╭─ DATA LISTING

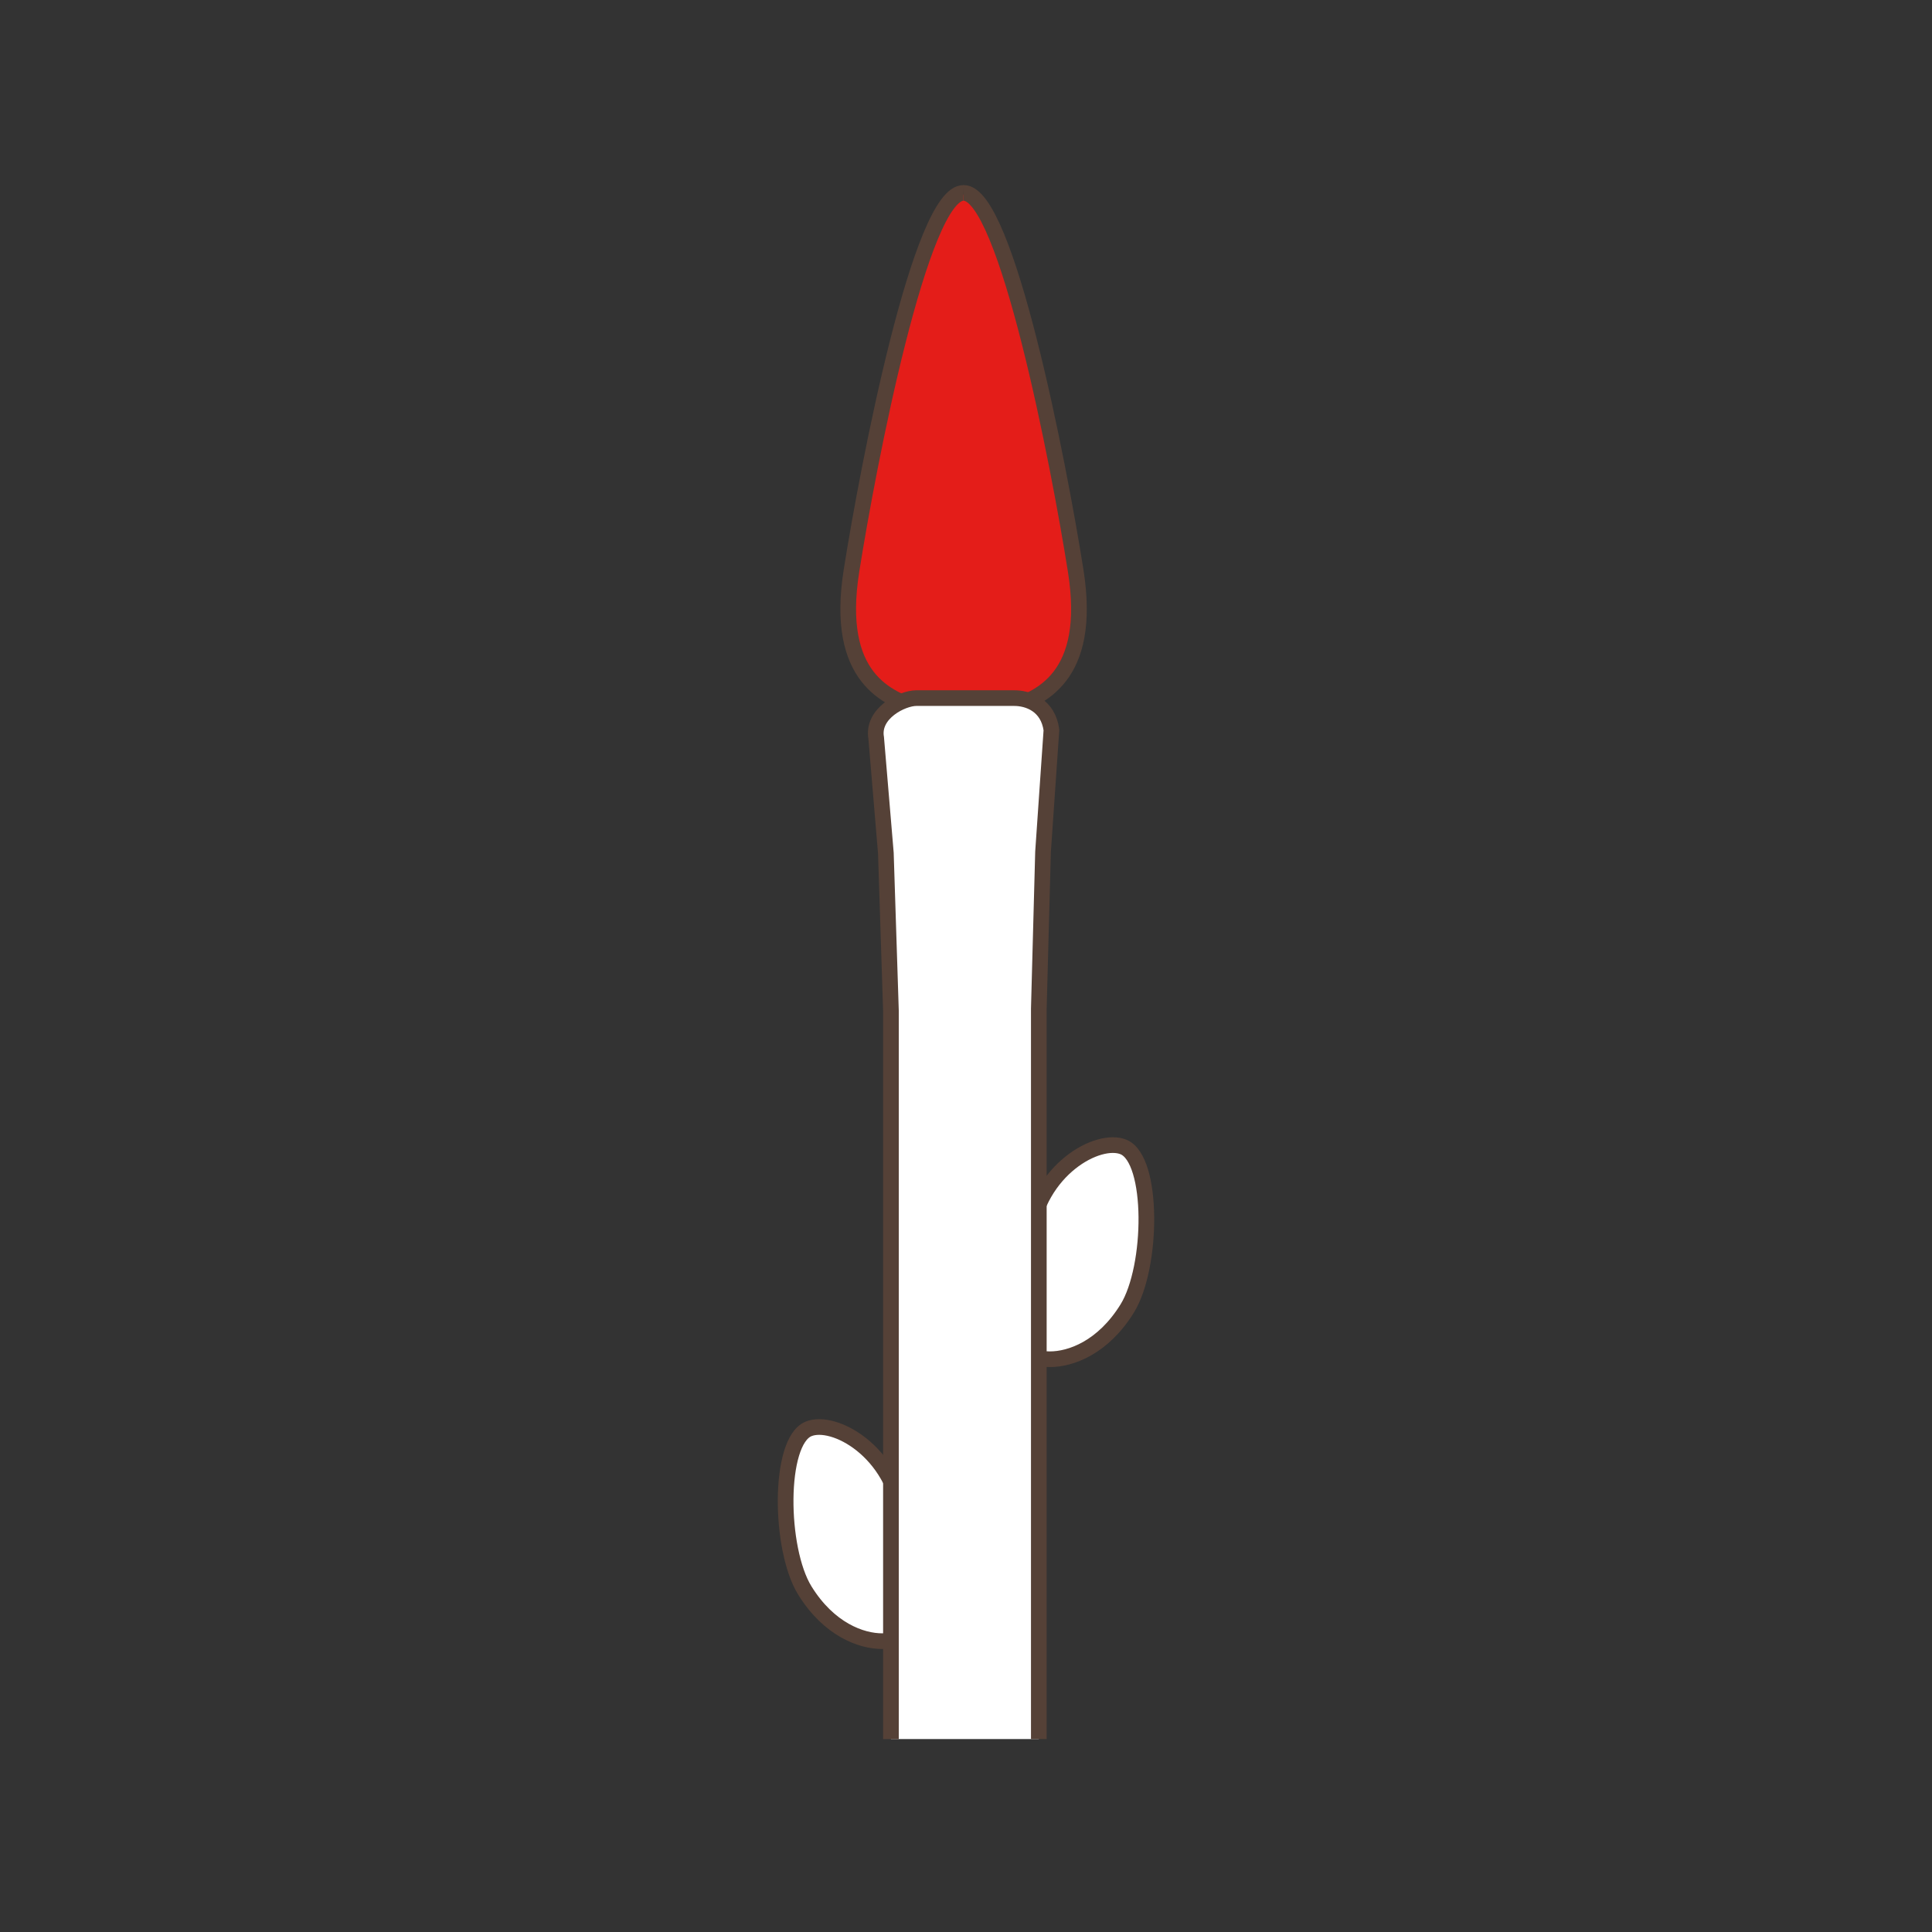 <?xml version="1.0" encoding="utf-8"?>
<!-- Generator: Adobe Illustrator 15.0.0, SVG Export Plug-In . SVG Version: 6.00 Build 0)  -->
<!DOCTYPE svg PUBLIC "-//W3C//DTD SVG 1.1//EN" "http://www.w3.org/Graphics/SVG/1.1/DTD/svg11.dtd">
<svg version="1.1" id="Ebene_1" xmlns="http://www.w3.org/2000/svg" xmlns:xlink="http://www.w3.org/1999/xlink" x="0px" y="0px"
	 width="100px" height="100px" viewBox="0 0 100 100" enable-background="new 0 0 100 100" xml:space="preserve">
<rect x="0" y="0" width="100" height="100" fill="#333333" stroke="none"/>
<g id="Ebene_1_1_">
</g>
<g id="Außenrand">
	<rect fill="none" width="100" height="100"/>
</g>
<g>
	<path fill-rule="evenodd" clip-rule="evenodd" fill="#E41D19" d="M49.972,10.071c-0.254-0.085-1.181,0.505-1.602,1.686
		c-0.421,1.179-2.275,6.995-2.528,8.85c-0.253,1.853-1.77,7.919-1.854,9.606c-0.086,1.686-0.086,2.866,0.42,3.875
		c0.508,1.012,1.519,2.107,1.939,2.192c0.422,0.085,1.854-0.169,2.529-0.169c0.674,0,2.695,0.083,3.201,0.083
		s1.18,0.253,1.854-0.252c0.675-0.506,1.854-2.191,1.938-3.119c0.084-0.926-0.506-5.393-0.759-6.993
		c-0.253-1.601-2.274-10.028-2.612-11.377c-0.337-1.349-1.771-3.792-1.771-3.792S50.223,10.155,49.972,10.071L49.972,10.071z"/>
	<path fill-rule="evenodd" clip-rule="evenodd" fill="none" stroke="#554137" stroke-width="0.811" stroke-miterlimit="2.414" d="
		M49.875,9.986c-2.211-0.038-4.929,14.022-5.803,19.559c-0.876,5.539,1.856,6.638,3.622,7.156"/>
	<path fill-rule="evenodd" clip-rule="evenodd" fill="none" stroke="#554137" stroke-width="0.811" stroke-miterlimit="2.414" d="
		M49.875,9.986c2.209-0.038,4.927,14.022,5.803,19.559c0.875,5.539-1.857,6.638-3.624,7.156"/>
	
		<path fill-rule="evenodd" clip-rule="evenodd" fill="#FFFFFF" stroke="#554137" stroke-width="0.811" stroke-miterlimit="2.414" d="
		M51.126,66.154c0.01-0.444,0.295,0.27,0.798-0.763c0.5-1.032,1.359-1.264,1.367-1.313c0.446-3.582,3.569-5.247,4.863-4.709
		c1.57,0.651,1.517,6.213,0.19,8.359c-1.252,2.026-2.925,2.631-4.014,2.626c-0.656-0.002-1.29-0.159-1.812-0.417
		c-0.147-0.073-0.508-0.464-0.721-0.832c-0.212-0.37-0.542-1.247-0.607-1.703C51.128,66.949,51.116,66.6,51.126,66.154
		L51.126,66.154z"/>
	
		<path fill-rule="evenodd" clip-rule="evenodd" fill="#FFFFFF" stroke="#554137" stroke-width="0.811" stroke-miterlimit="2.414" d="
		M48.875,80.746c-0.01-0.444-0.295,0.27-0.797-0.763s-1.363-1.264-1.368-1.313c-0.446-3.582-3.569-5.247-4.864-4.709
		c-1.57,0.653-1.516,6.213-0.191,8.359c1.252,2.025,2.925,2.631,4.017,2.626c0.653-0.003,1.289-0.159,1.81-0.417
		c0.148-0.073,0.509-0.463,0.721-0.832c0.213-0.37,0.542-1.247,0.606-1.701C48.871,81.541,48.884,81.191,48.875,80.746
		L48.875,80.746z"/>
	<path fill-rule="evenodd" clip-rule="evenodd" fill="#FFFFFF" d="M47.427,36.134h5.03c0.848,0,1.544,0.589,1.67,1.312l-0.357,9.809
		v35.69v7.069h-7.655v-7.069v-35.69l-0.626-9.719C45.709,36.782,46.486,36.163,47.427,36.134L47.427,36.134z"/>
	<path fill-rule="evenodd" clip-rule="evenodd" fill="none" stroke="#554137" stroke-width="0.811" stroke-miterlimit="2.414" d="
		M46.115,90.015v-7.069V52.323l-0.263-8.167l-0.501-5.96c-0.225-1.282,1.354-2.062,2.076-2.062h5.03
		c0.764-0.013,1.79,0.367,1.965,1.649l-0.435,6.311l-0.218,8.119v30.732v7.069"/>
</g>
</svg>

╰─

> [DIRECTIONS FOR THIS TASK]
Verbatim reproduction of every entry is needed, with the images left out.

> [RESPONSE FOR THIS EXERCISE]
 <?xml version="1.0" encoding="utf-8"?>
<!-- Generator: Adobe Illustrator 15.0.0, SVG Export Plug-In . SVG Version: 6.00 Build 0)  -->
<!DOCTYPE svg PUBLIC "-//W3C//DTD SVG 1.1//EN" "http://www.w3.org/Graphics/SVG/1.1/DTD/svg11.dtd">
<svg version="1.1" id="Ebene_1" xmlns="http://www.w3.org/2000/svg" xmlns:xlink="http://www.w3.org/1999/xlink" x="0px" y="0px"
	 width="100px" height="100px" viewBox="0 0 100 100" enable-background="new 0 0 100 100" xml:space="preserve">
<rect x="0" y="0" width="100" height="100" fill="#333333" stroke="none"/>
<g id="Ebene_1_1_">
</g>
<g id="Außenrand">
	<rect fill="none" width="100" height="100"/>
</g>
<g>
	<path fill-rule="evenodd" clip-rule="evenodd" fill="#E41D19" d="M49.972,10.071c-0.254-0.085-1.181,0.505-1.602,1.686
		c-0.421,1.179-2.275,6.995-2.528,8.85c-0.253,1.853-1.77,7.919-1.854,9.606c-0.086,1.686-0.086,2.866,0.42,3.875
		c0.508,1.012,1.519,2.107,1.939,2.192c0.422,0.085,1.854-0.169,2.529-0.169c0.674,0,2.695,0.083,3.201,0.083
		s1.18,0.253,1.854-0.252c0.675-0.506,1.854-2.191,1.938-3.119c0.084-0.926-0.506-5.393-0.759-6.993
		c-0.253-1.601-2.274-10.028-2.612-11.377c-0.337-1.349-1.771-3.792-1.771-3.792S50.223,10.155,49.972,10.071L49.972,10.071z"/>
	<path fill-rule="evenodd" clip-rule="evenodd" fill="none" stroke="#554137" stroke-width="0.811" stroke-miterlimit="2.414" d="
		M49.875,9.986c-2.211-0.038-4.929,14.022-5.803,19.559c-0.876,5.539,1.856,6.638,3.622,7.156"/>
	<path fill-rule="evenodd" clip-rule="evenodd" fill="none" stroke="#554137" stroke-width="0.811" stroke-miterlimit="2.414" d="
		M49.875,9.986c2.209-0.038,4.927,14.022,5.803,19.559c0.875,5.539-1.857,6.638-3.624,7.156"/>
	
		<path fill-rule="evenodd" clip-rule="evenodd" fill="#FFFFFF" stroke="#554137" stroke-width="0.811" stroke-miterlimit="2.414" d="
		M51.126,66.154c0.01-0.444,0.295,0.27,0.798-0.763c0.5-1.032,1.359-1.264,1.367-1.313c0.446-3.582,3.569-5.247,4.863-4.709
		c1.57,0.651,1.517,6.213,0.19,8.359c-1.252,2.026-2.925,2.631-4.014,2.626c-0.656-0.002-1.29-0.159-1.812-0.417
		c-0.147-0.073-0.508-0.464-0.721-0.832c-0.212-0.37-0.542-1.247-0.607-1.703C51.128,66.949,51.116,66.6,51.126,66.154
		L51.126,66.154z"/>
	
		<path fill-rule="evenodd" clip-rule="evenodd" fill="#FFFFFF" stroke="#554137" stroke-width="0.811" stroke-miterlimit="2.414" d="
		M48.875,80.746c-0.01-0.444-0.295,0.27-0.797-0.763s-1.363-1.264-1.368-1.313c-0.446-3.582-3.569-5.247-4.864-4.709
		c-1.57,0.653-1.516,6.213-0.191,8.359c1.252,2.025,2.925,2.631,4.017,2.626c0.653-0.003,1.289-0.159,1.81-0.417
		c0.148-0.073,0.509-0.463,0.721-0.832c0.213-0.37,0.542-1.247,0.606-1.701C48.871,81.541,48.884,81.191,48.875,80.746
		L48.875,80.746z"/>
	<path fill-rule="evenodd" clip-rule="evenodd" fill="#FFFFFF" d="M47.427,36.134h5.03c0.848,0,1.544,0.589,1.67,1.312l-0.357,9.809
		v35.69v7.069h-7.655v-7.069v-35.69l-0.626-9.719C45.709,36.782,46.486,36.163,47.427,36.134L47.427,36.134z"/>
	<path fill-rule="evenodd" clip-rule="evenodd" fill="none" stroke="#554137" stroke-width="0.811" stroke-miterlimit="2.414" d="
		M46.115,90.015v-7.069V52.323l-0.263-8.167l-0.501-5.96c-0.225-1.282,1.354-2.062,2.076-2.062h5.03
		c0.764-0.013,1.79,0.367,1.965,1.649l-0.435,6.311l-0.218,8.119v30.732v7.069"/>
</g>
</svg>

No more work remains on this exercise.